DATASET RECORDS Start Marker

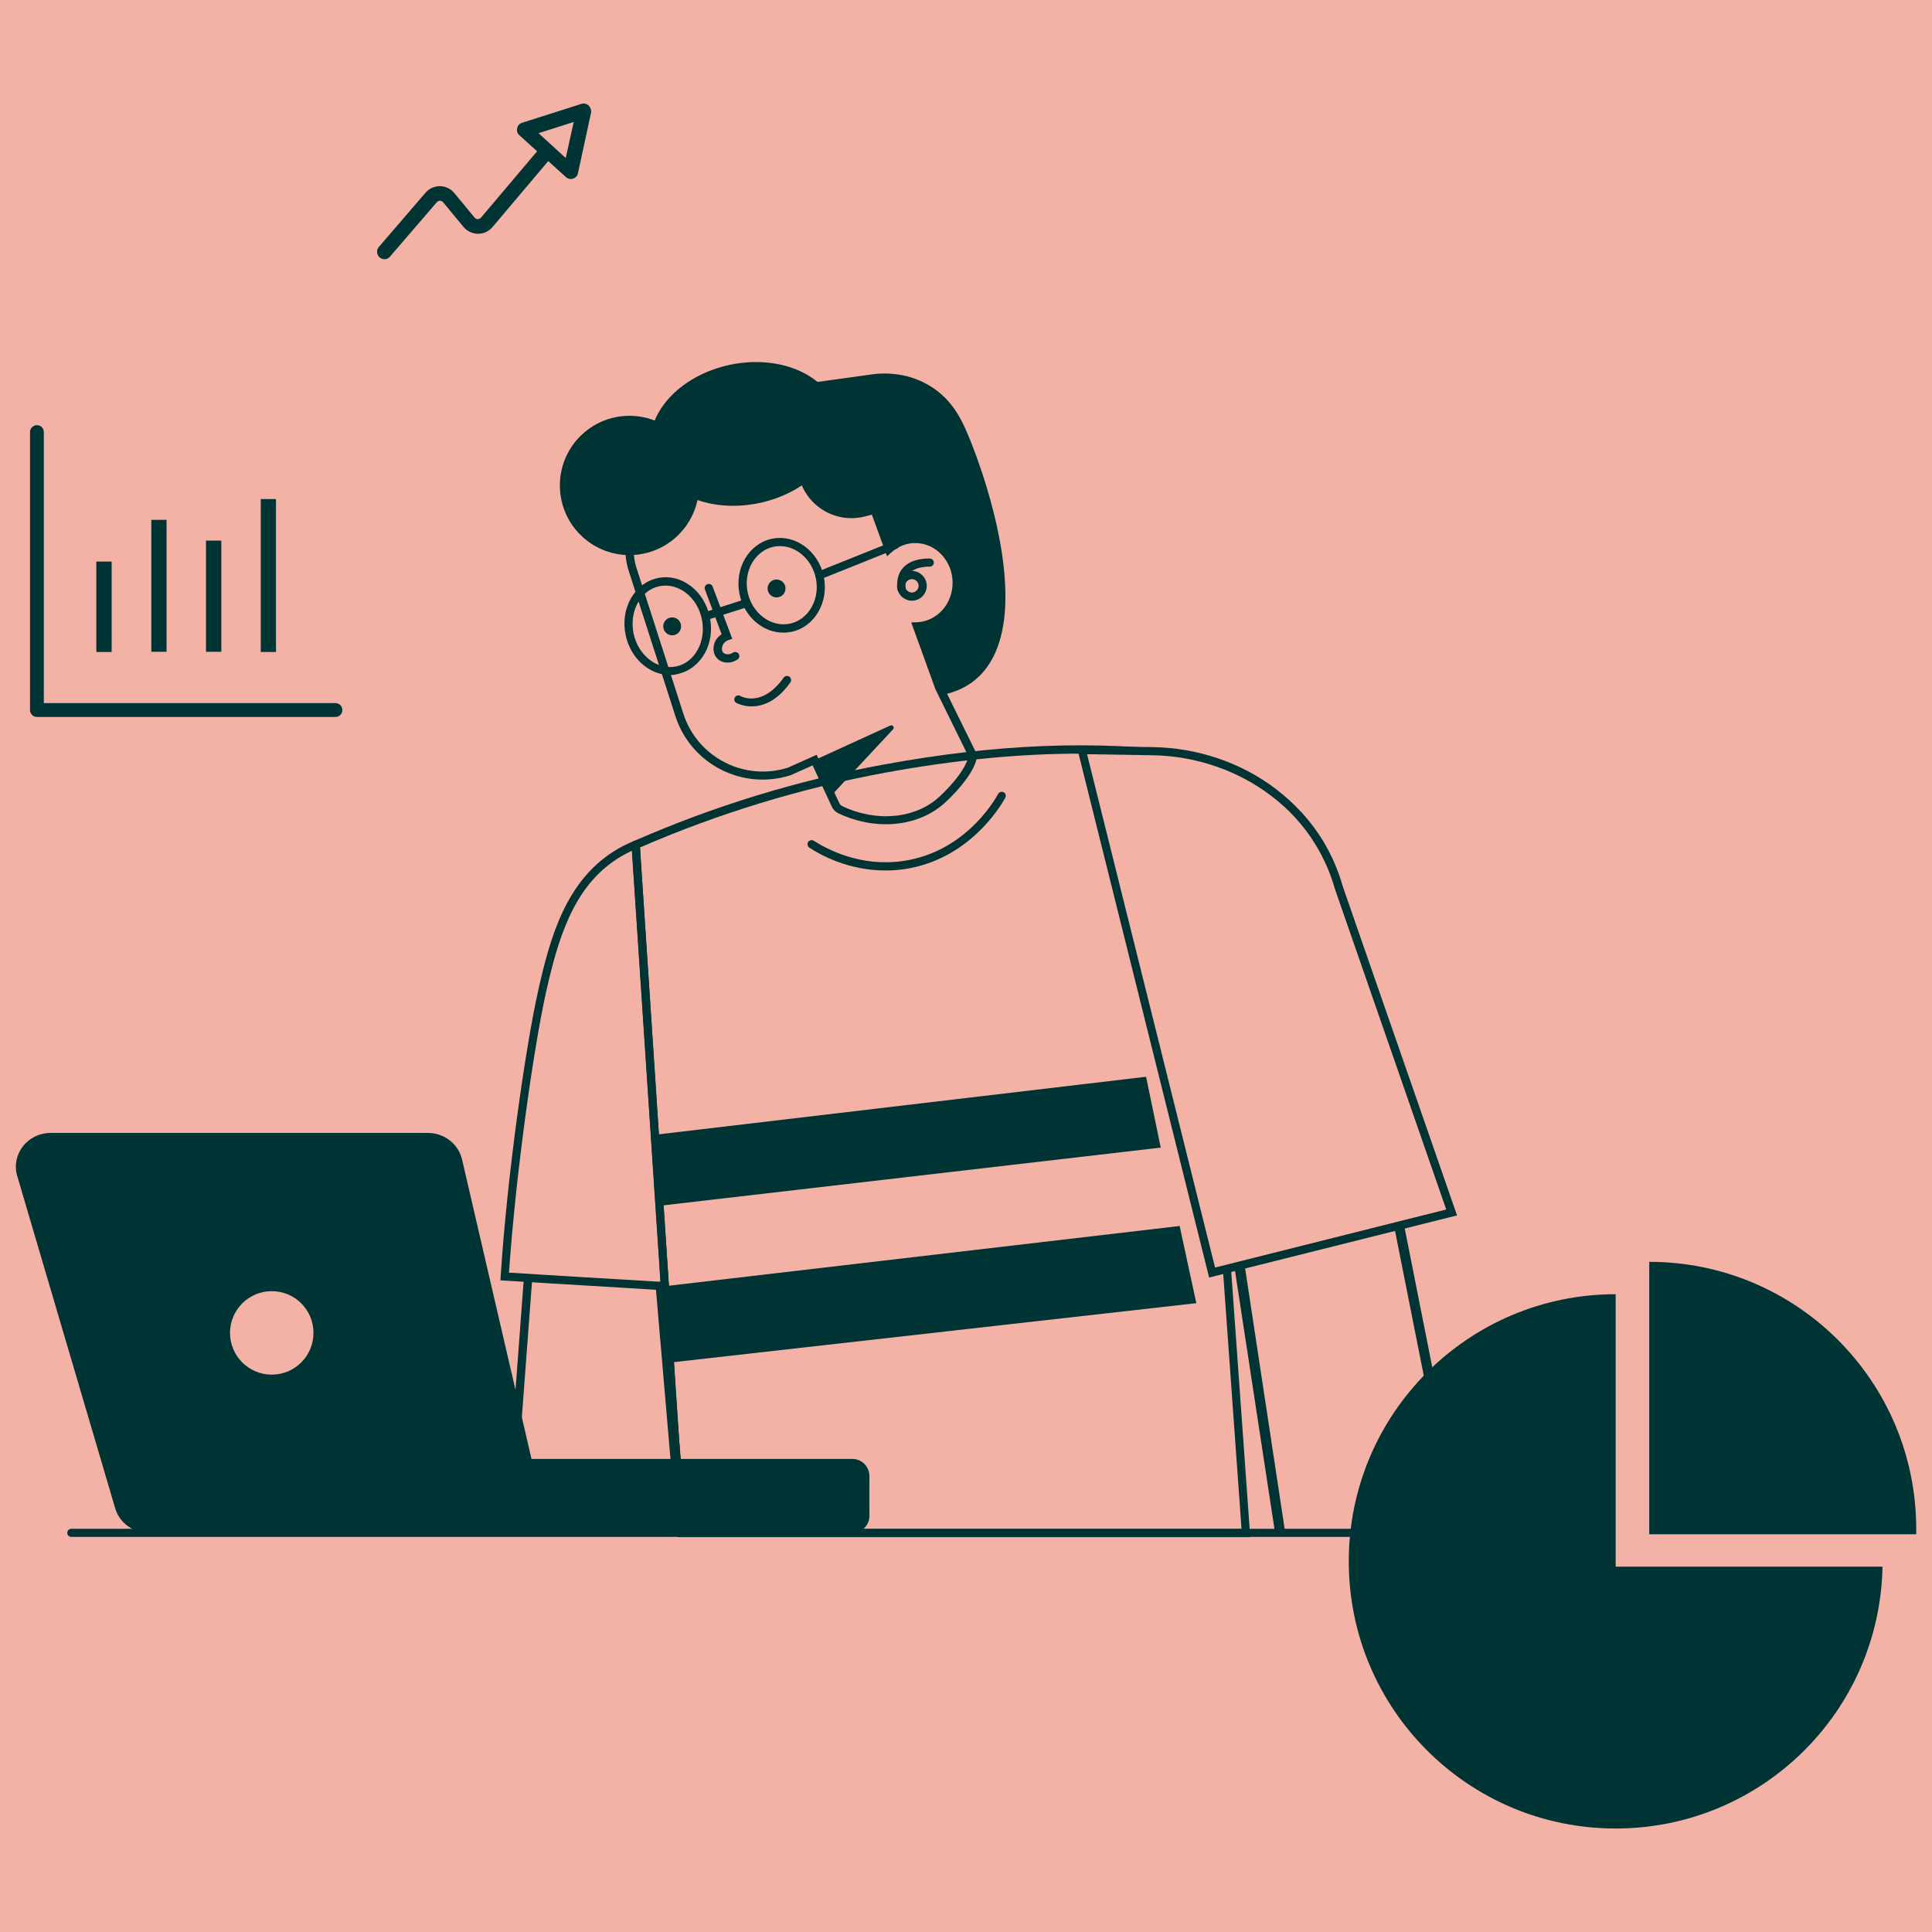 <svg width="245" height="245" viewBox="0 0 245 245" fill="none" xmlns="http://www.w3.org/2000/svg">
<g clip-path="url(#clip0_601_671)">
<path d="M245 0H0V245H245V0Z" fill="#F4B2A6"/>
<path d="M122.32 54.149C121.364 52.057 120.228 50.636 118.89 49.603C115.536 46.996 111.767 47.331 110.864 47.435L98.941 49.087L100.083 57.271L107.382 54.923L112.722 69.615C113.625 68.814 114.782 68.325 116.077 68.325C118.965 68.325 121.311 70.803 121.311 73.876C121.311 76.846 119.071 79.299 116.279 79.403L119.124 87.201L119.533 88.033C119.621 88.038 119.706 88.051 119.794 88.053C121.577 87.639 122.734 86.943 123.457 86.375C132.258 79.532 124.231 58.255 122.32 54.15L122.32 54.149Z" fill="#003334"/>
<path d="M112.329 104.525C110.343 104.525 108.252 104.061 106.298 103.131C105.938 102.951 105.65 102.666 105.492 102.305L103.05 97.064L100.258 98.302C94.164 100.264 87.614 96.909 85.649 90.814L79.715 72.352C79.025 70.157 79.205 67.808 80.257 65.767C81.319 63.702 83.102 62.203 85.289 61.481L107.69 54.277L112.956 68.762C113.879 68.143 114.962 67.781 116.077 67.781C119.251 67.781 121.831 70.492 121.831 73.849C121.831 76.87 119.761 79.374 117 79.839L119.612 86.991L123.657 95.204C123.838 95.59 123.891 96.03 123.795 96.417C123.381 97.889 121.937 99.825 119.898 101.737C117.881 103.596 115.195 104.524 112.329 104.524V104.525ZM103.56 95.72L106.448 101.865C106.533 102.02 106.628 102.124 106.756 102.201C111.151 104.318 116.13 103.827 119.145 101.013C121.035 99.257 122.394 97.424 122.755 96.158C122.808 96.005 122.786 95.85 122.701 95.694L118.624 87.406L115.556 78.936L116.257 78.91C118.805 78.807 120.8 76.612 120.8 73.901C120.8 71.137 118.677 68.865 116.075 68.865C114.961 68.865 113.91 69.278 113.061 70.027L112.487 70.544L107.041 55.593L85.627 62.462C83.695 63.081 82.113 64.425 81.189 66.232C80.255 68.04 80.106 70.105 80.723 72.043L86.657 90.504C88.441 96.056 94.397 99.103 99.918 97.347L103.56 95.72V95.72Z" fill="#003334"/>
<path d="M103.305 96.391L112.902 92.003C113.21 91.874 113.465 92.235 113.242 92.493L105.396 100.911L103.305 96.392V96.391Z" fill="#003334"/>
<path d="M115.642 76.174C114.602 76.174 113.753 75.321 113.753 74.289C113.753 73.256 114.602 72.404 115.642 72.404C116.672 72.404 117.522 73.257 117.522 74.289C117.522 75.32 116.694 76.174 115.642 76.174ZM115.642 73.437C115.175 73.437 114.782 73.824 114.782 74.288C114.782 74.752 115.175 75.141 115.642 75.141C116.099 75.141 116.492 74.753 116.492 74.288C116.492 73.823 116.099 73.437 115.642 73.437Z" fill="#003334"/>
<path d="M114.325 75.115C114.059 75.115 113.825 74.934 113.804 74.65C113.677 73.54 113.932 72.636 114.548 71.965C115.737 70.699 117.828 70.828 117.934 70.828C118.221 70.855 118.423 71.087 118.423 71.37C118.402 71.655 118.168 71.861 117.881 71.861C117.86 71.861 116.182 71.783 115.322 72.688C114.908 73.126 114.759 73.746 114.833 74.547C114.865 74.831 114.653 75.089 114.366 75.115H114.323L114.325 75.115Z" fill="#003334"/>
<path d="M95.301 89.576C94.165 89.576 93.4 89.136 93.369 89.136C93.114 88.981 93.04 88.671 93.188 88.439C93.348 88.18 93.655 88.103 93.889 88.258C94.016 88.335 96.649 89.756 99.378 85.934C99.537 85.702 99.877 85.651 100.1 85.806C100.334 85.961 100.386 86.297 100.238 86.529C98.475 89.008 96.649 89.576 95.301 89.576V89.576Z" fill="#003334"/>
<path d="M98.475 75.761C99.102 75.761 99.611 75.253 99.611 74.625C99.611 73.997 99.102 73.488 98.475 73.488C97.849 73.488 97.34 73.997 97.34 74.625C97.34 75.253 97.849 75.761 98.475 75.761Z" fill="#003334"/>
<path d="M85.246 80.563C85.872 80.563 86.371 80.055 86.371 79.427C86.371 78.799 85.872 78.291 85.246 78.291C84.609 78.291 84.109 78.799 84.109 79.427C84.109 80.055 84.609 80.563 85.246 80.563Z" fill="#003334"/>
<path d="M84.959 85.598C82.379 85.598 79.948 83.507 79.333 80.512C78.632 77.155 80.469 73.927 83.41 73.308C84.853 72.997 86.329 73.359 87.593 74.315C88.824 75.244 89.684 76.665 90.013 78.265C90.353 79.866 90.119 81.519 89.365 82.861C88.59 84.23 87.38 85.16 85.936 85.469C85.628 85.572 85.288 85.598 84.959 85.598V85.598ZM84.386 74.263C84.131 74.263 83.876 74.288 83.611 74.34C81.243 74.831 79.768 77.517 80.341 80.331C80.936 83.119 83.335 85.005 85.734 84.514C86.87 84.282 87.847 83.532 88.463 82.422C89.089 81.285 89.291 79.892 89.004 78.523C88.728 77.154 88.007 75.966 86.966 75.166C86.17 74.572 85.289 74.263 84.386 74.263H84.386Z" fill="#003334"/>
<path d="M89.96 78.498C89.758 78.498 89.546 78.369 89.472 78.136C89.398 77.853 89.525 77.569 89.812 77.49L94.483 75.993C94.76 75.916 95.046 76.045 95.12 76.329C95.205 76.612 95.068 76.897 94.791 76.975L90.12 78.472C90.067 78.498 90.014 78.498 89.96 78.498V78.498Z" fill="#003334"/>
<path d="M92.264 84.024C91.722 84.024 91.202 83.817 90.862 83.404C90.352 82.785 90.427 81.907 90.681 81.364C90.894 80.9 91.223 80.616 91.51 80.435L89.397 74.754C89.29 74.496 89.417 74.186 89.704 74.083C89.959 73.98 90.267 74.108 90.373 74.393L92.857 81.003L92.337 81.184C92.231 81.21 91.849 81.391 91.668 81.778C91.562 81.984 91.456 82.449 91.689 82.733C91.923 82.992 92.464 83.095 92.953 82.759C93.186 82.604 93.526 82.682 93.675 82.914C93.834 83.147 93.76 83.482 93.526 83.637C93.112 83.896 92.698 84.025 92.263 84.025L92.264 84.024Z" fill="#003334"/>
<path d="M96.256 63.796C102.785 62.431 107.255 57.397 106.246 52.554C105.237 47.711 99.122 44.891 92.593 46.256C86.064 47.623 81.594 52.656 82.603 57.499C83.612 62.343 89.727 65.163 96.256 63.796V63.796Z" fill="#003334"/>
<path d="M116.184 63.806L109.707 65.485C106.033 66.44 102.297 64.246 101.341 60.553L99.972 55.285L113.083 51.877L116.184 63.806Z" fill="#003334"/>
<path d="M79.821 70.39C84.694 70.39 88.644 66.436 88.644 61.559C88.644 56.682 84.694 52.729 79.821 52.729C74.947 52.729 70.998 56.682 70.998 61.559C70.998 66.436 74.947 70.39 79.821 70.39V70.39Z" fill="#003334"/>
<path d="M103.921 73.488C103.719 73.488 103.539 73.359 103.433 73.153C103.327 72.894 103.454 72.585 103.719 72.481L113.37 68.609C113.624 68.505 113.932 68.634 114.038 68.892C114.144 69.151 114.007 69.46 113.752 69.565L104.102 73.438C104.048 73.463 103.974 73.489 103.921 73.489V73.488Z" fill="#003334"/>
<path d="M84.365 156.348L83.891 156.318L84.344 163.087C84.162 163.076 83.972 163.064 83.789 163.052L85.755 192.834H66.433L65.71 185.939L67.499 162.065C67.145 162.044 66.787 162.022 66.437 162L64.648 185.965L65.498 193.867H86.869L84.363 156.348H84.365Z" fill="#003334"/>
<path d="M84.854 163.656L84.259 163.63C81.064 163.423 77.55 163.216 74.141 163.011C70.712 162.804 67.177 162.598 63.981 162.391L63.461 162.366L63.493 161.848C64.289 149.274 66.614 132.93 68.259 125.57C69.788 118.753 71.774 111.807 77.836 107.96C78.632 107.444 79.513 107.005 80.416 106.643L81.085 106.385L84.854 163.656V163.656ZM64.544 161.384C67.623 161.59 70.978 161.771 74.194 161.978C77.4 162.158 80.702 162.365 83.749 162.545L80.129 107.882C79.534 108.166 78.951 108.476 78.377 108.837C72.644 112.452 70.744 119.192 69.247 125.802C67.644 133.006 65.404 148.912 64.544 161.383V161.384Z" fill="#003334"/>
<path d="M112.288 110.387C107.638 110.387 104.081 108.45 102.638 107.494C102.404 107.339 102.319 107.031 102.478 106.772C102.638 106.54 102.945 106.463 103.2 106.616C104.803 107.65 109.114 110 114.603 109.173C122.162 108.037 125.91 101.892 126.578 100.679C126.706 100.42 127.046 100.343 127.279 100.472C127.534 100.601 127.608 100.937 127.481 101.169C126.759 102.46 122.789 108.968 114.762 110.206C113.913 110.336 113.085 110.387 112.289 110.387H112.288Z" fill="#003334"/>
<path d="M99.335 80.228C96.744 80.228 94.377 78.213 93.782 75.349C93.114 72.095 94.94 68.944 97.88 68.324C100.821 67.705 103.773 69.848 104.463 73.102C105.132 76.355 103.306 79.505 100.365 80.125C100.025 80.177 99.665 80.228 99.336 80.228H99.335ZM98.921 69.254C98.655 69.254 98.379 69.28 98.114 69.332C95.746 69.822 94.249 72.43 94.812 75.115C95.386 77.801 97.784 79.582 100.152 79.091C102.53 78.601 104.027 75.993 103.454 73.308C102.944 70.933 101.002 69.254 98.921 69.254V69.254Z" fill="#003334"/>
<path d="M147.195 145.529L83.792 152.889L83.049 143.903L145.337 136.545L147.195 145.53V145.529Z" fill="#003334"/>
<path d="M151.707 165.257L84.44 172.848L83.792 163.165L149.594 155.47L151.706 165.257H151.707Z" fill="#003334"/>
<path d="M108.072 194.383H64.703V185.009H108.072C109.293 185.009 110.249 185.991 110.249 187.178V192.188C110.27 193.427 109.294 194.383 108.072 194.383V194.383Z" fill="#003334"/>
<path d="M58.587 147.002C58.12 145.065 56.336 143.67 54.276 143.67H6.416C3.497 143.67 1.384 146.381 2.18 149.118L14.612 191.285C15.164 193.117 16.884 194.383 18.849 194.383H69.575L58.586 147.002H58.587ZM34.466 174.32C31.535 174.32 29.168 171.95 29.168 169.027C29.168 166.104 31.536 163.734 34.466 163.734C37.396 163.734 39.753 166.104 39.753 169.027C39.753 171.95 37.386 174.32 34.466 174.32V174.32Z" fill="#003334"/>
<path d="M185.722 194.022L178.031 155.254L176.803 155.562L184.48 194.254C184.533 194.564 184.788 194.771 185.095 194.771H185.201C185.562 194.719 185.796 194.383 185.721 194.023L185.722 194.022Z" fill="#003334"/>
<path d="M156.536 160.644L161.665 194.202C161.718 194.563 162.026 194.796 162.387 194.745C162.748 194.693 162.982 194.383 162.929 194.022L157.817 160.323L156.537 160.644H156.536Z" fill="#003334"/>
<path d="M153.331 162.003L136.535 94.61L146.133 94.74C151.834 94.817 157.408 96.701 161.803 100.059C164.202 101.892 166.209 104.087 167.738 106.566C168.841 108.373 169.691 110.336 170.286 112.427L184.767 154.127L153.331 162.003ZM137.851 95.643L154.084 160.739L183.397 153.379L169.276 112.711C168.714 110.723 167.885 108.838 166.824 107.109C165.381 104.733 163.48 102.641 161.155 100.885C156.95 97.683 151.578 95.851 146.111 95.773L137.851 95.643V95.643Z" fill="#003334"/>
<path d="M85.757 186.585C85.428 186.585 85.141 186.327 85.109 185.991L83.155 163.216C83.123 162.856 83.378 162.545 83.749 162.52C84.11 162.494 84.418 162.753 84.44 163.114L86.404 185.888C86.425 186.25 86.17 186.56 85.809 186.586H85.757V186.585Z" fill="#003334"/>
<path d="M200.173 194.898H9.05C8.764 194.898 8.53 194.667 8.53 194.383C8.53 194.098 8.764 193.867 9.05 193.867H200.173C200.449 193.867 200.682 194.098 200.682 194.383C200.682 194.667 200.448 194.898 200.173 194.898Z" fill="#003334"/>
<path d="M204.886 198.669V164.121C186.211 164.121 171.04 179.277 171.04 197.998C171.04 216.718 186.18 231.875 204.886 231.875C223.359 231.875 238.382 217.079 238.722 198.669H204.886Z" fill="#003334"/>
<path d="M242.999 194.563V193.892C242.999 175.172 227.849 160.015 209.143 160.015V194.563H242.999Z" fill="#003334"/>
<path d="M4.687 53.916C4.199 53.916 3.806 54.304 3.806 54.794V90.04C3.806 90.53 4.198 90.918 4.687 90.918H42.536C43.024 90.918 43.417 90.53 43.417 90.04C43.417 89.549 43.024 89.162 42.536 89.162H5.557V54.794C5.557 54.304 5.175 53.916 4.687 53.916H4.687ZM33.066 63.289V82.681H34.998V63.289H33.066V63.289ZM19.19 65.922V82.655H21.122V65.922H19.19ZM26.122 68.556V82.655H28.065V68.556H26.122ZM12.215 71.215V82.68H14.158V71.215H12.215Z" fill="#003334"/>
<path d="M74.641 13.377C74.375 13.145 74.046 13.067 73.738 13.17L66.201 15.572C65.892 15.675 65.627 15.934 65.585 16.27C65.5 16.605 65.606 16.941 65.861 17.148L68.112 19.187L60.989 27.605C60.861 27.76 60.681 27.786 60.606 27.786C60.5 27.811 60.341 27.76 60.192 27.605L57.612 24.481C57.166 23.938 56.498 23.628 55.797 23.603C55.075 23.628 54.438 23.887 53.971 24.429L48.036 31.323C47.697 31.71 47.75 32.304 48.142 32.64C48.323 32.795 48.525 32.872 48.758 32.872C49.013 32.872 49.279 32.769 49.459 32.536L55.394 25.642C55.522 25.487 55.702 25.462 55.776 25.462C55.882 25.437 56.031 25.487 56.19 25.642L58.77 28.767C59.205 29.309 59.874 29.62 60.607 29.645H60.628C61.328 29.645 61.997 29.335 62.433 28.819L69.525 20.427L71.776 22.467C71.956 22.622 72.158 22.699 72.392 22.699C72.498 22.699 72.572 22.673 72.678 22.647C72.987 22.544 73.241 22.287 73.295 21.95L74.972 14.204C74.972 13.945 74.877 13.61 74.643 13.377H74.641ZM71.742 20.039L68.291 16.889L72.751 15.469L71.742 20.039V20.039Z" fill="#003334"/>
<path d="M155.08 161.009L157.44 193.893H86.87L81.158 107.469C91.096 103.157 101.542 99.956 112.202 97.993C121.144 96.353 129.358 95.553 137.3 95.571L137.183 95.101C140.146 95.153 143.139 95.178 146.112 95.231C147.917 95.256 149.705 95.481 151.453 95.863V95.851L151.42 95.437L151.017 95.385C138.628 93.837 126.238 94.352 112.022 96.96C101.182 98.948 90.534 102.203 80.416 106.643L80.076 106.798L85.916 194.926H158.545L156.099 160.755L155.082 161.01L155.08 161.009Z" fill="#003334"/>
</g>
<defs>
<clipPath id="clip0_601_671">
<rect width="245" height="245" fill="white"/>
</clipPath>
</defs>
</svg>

DATASET RECORDS End Marker

Starting at the first line of the material, output exactly the lines up to and including the one with "54.149C121.364 52.057 120.228". Do not include the pictures.

 <svg width="245" height="245" viewBox="0 0 245 245" fill="none" xmlns="http://www.w3.org/2000/svg">
<g clip-path="url(#clip0_601_671)">
<path d="M245 0H0V245H245V0Z" fill="#F4B2A6"/>
<path d="M122.32 54.149C121.364 52.057 120.228 50.636 118.89 49.603C115.536 46.996 111.767 47.331 110.864 47.435L98.941 49.087L100.083 57.271L107.382 54.923L112.722 69.615C113.625 68.814 114.782 68.325 116.077 68.325C118.965 68.325 121.311 70.803 121.311 73.876C121.311 76.846 119.071 79.299 116.279 79.403L119.124 87.201L119.533 88.033C119.621 88.038 119.706 88.051 119.794 88.053C121.577 87.639 122.734 86.943 123.457 86.375C132.258 79.532 124.231 58.255 122.32 54.15L122.32 54.149Z" fill="#003334"/>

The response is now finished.